The Native Cats.
The animals common in Tasmania and throughout the greater portion of the Australian Continent, and familiarly known as Spotted or Native Cats, and to zoologists as Dasyures, enjoy also an unenviable reputation for their depredations among the settlers' hen-roosts. To look at, these native cats are the most mild-mannered and inoffensive of creatures. Actually, however, they possess the most bloodthirsty proclivities, and may be aptly compared in their habits to the stoats, weasels, polecats, and other Old World carnivora. There are some five known species, the largest being equal to an ordinary cat in size, and the smaller ones about half these dimensions. All of them are distinguished by their spotted pattern of ornamentation, such spots being white or nearly so, and more or less abundantly sprinkled over a darker background which varies from light grey to chocolate-brown. In the commonest form, represented in the accompanying photograph, the ears and the under surface of the body are also often white. No two individuals, however, are to be found precisely alike in the pattern of their markings. The dasyures differ from the two preceding types, the Tasmanian wolf and the devil, in being essentially arboreal in their habits, living by day and breeding, as the majority of the Australian opossums, in the hollow gum-tree trunks, from which they emerge at nightfall to seek their food. This, in their native state, when hen-roosts are not accessible, consists mainly of birds and such smaller marsupial forms as they can readily overpower.

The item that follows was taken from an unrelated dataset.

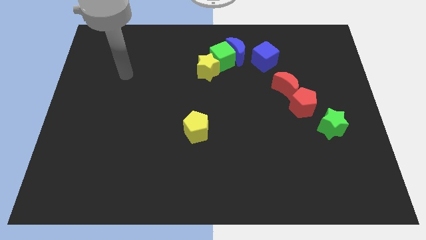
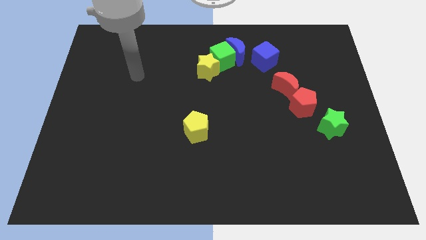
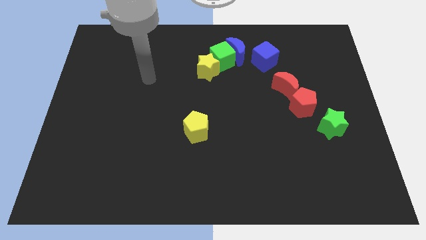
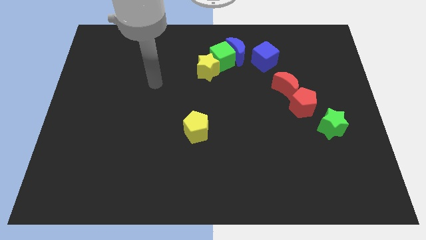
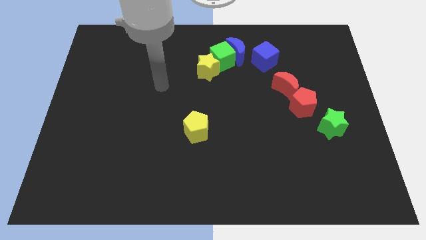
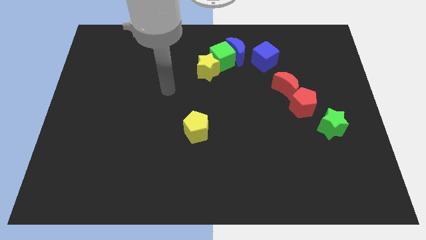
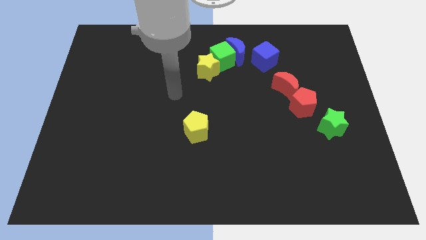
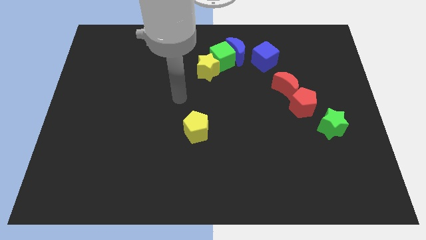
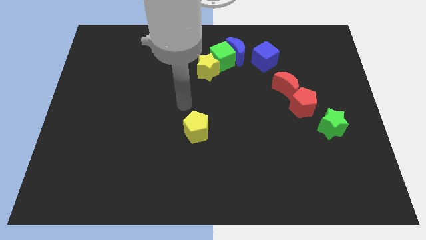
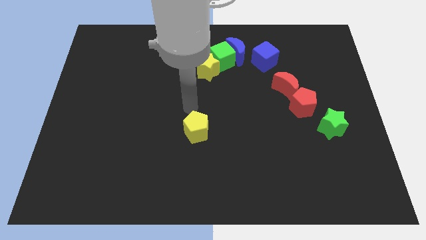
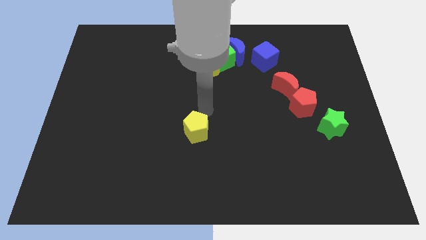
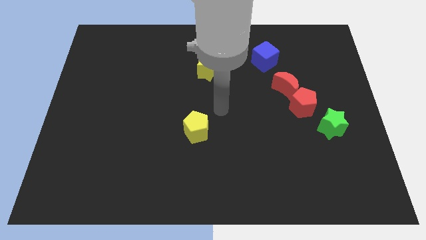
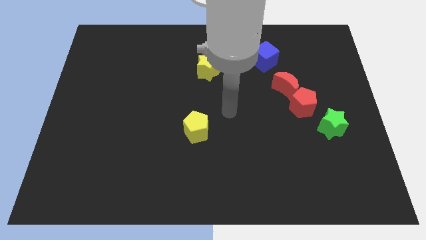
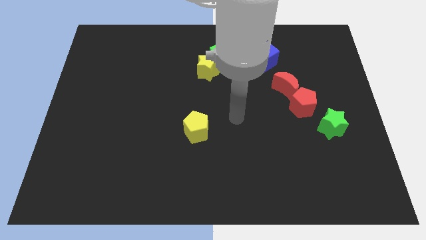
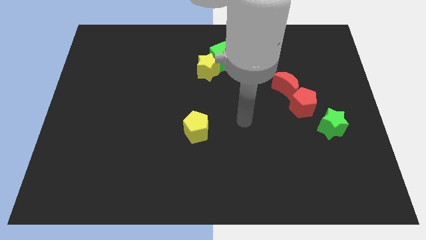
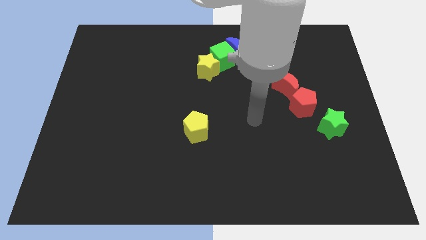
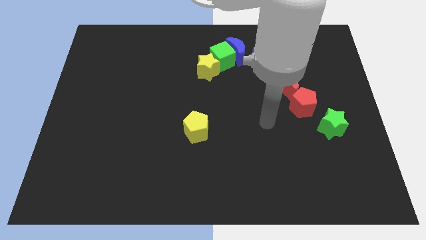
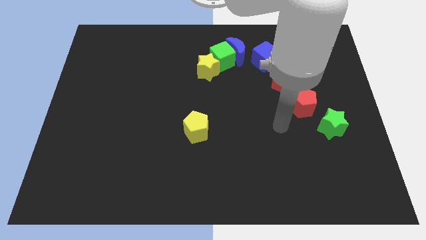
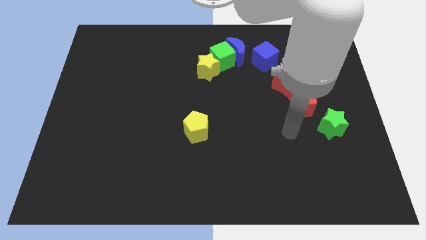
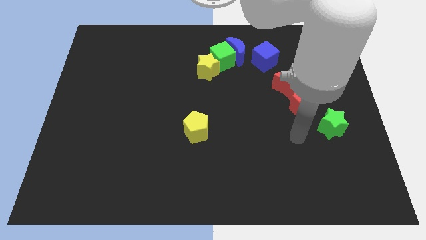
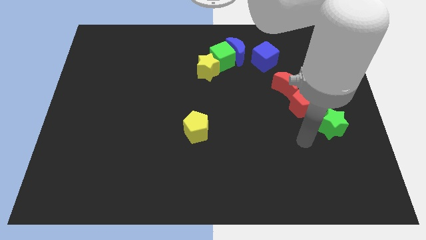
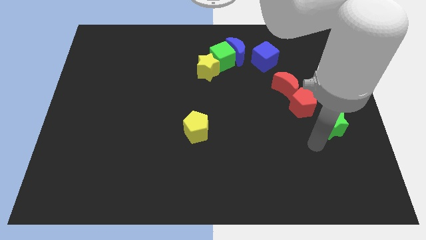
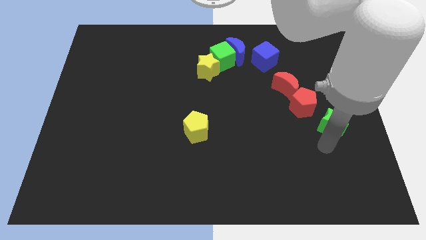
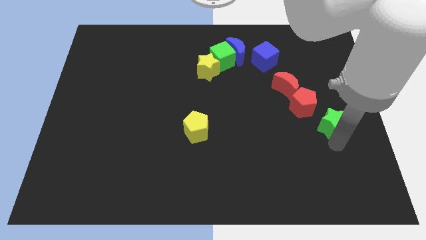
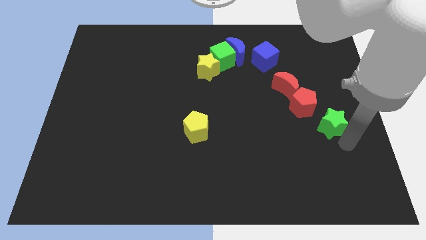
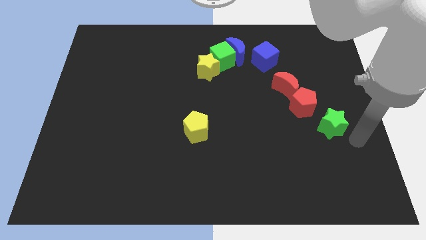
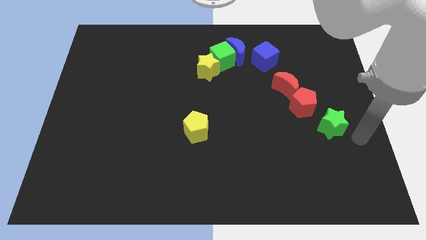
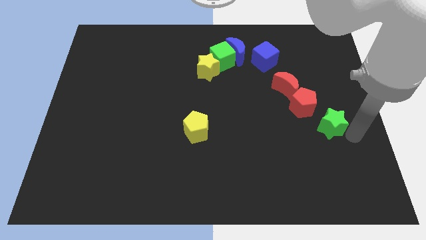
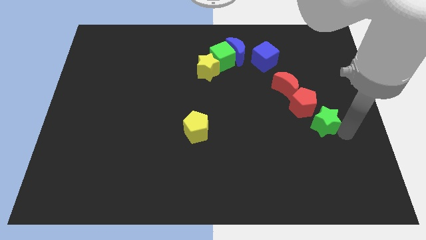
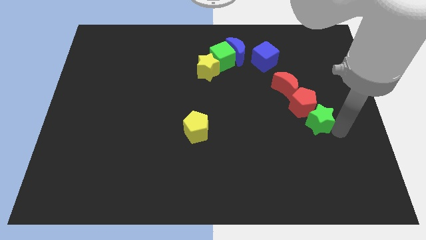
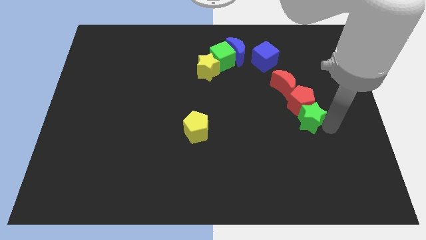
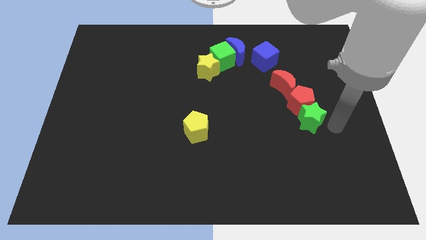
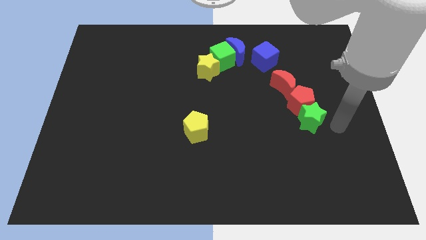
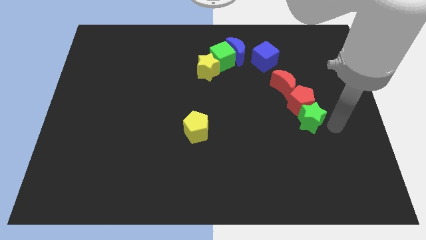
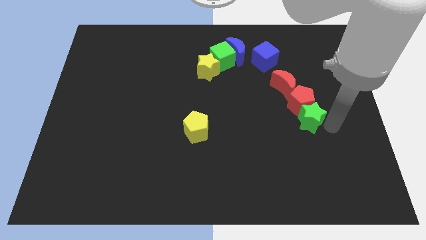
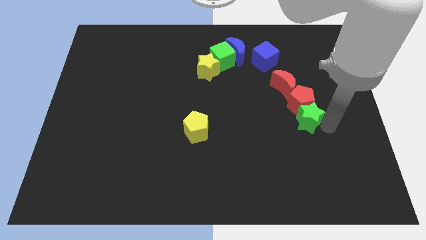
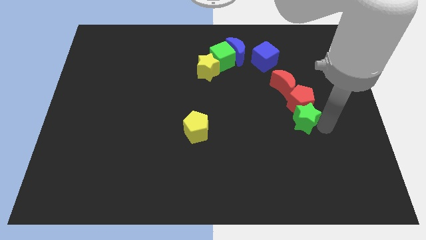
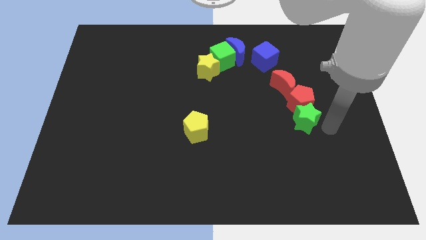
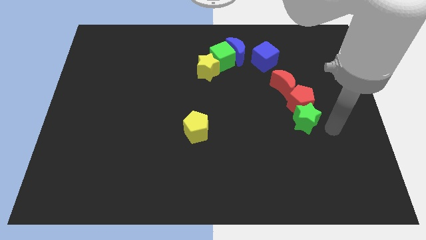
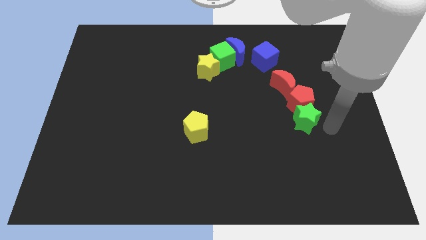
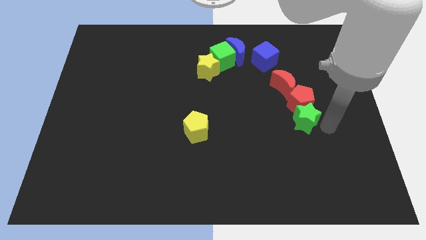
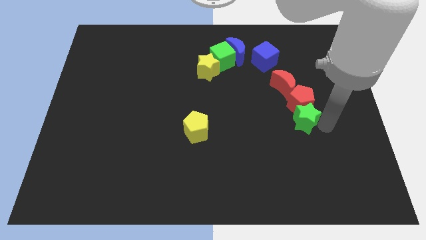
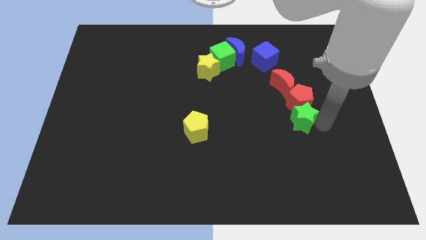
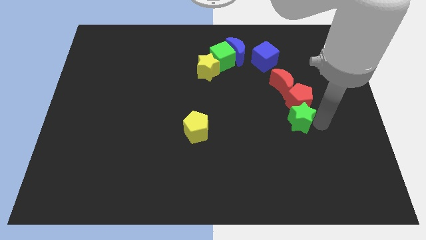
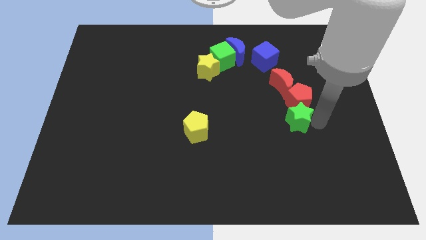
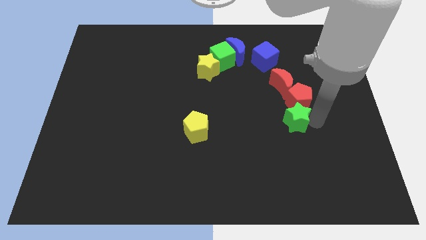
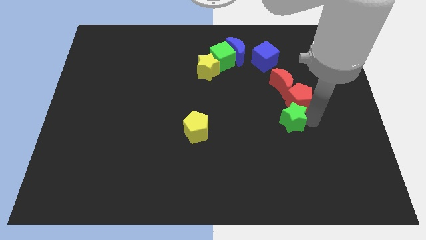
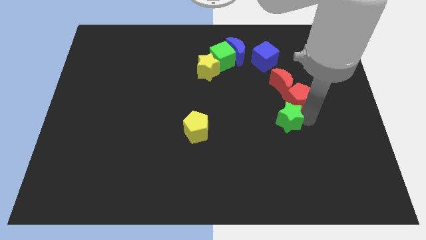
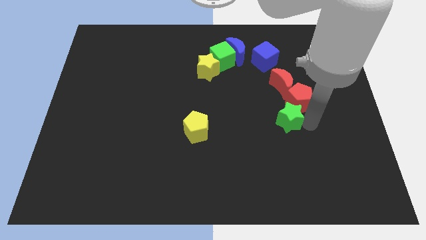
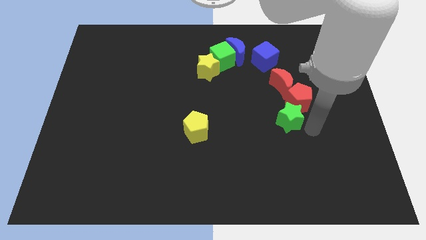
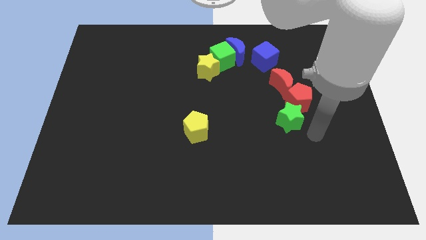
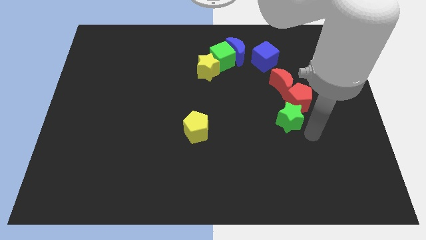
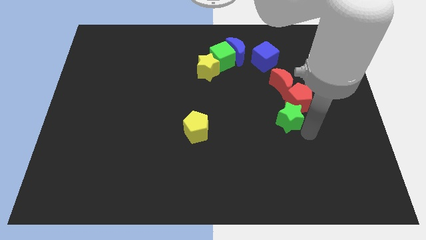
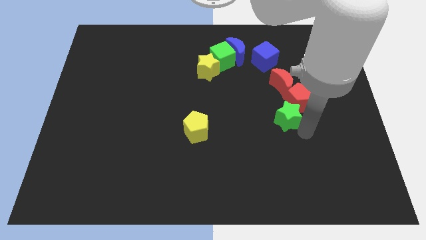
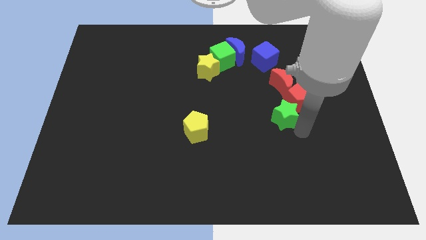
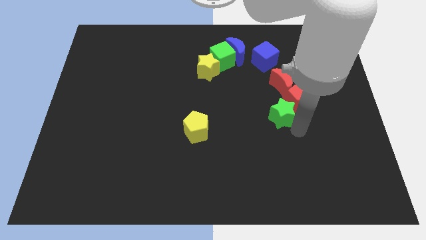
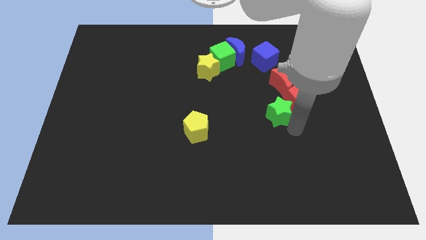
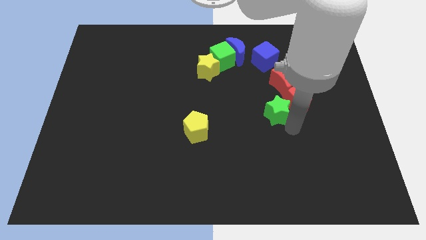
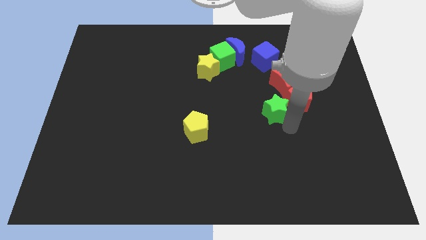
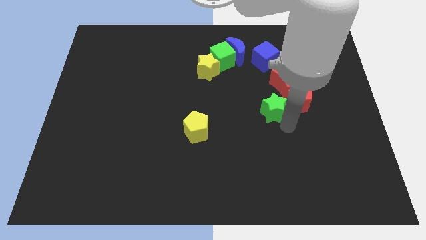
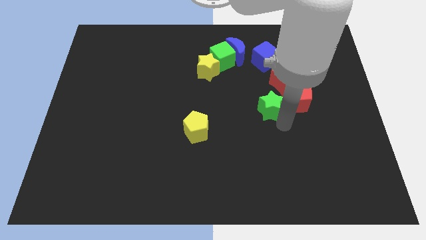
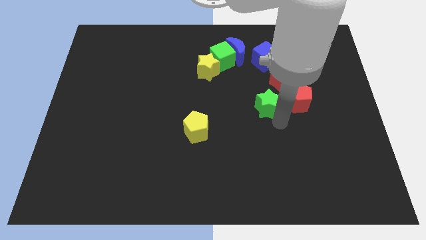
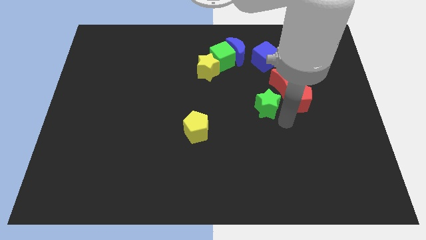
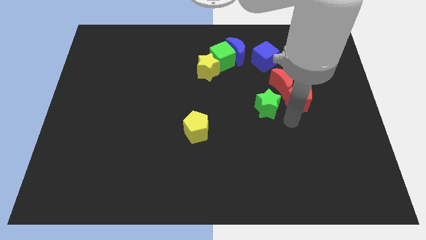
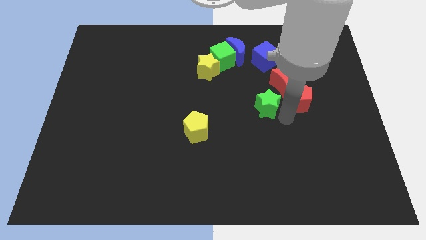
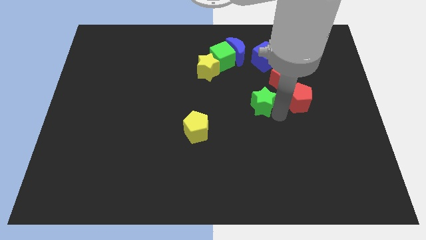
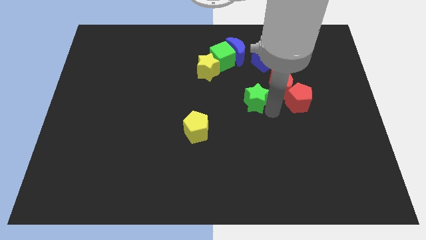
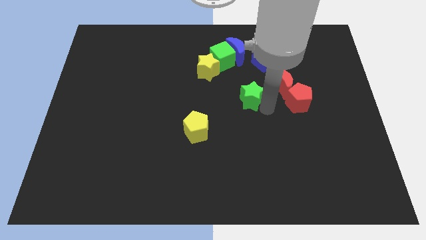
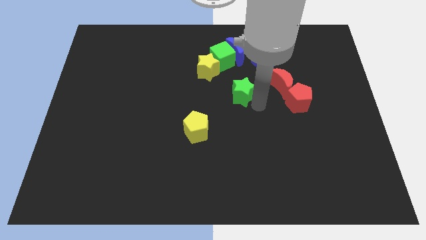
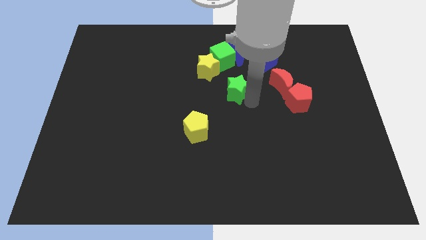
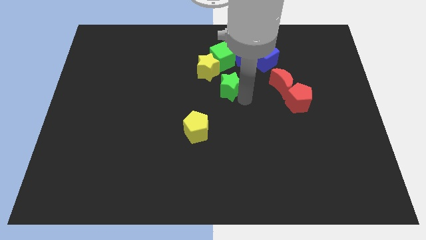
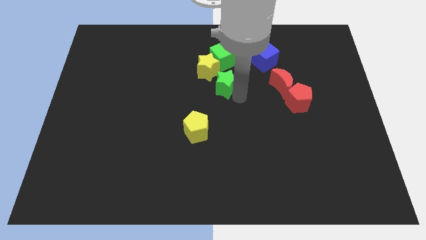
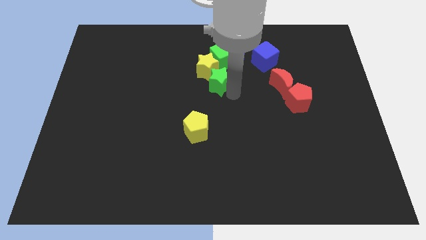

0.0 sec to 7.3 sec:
move the green star next to the yellow star

By permission of S. Sinclair, Esq.] [Sydney.
SPOTTED DASYURES, OR AUSTRALIAN NATIVE CATS.
This species is rather smaller than an ordinary-sized cat. All the dasyures are arboreal in their habits, and very destructive to birds.
The Pouched Mice.
The so-called Pouched Mice represent a group of smaller-sized carnivorous mammals which have much in common with the dasyures, but are devoid of their spotted ornamentation. None of them exceed a rat in size. They number about twelve or fourteen known species, and are distributed throughout the greater part of Australia and New Guinea, and extend thence to the Aru Islands. They are said not to occur in the extreme north of the Australian Continent. The writer, however, obtained an example of the brush-tailed species, here illustrated, from the neighbourhood of Broome, in the farthest north or Kimberley district of Western Australia. This specimen, which was caught alive in a rat-trap, exhibited astonishingly potent gnawing powers, almost succeeding one night in eating its way through the wooden box in which it was temporarily confined. The habits of this species are omnivorous, and chiefly akin to those of the ordinary rats, it being accustomed to prowl round the out-buildings at night, picking up any unconsidered trifles in the way of food that may be left unprotected.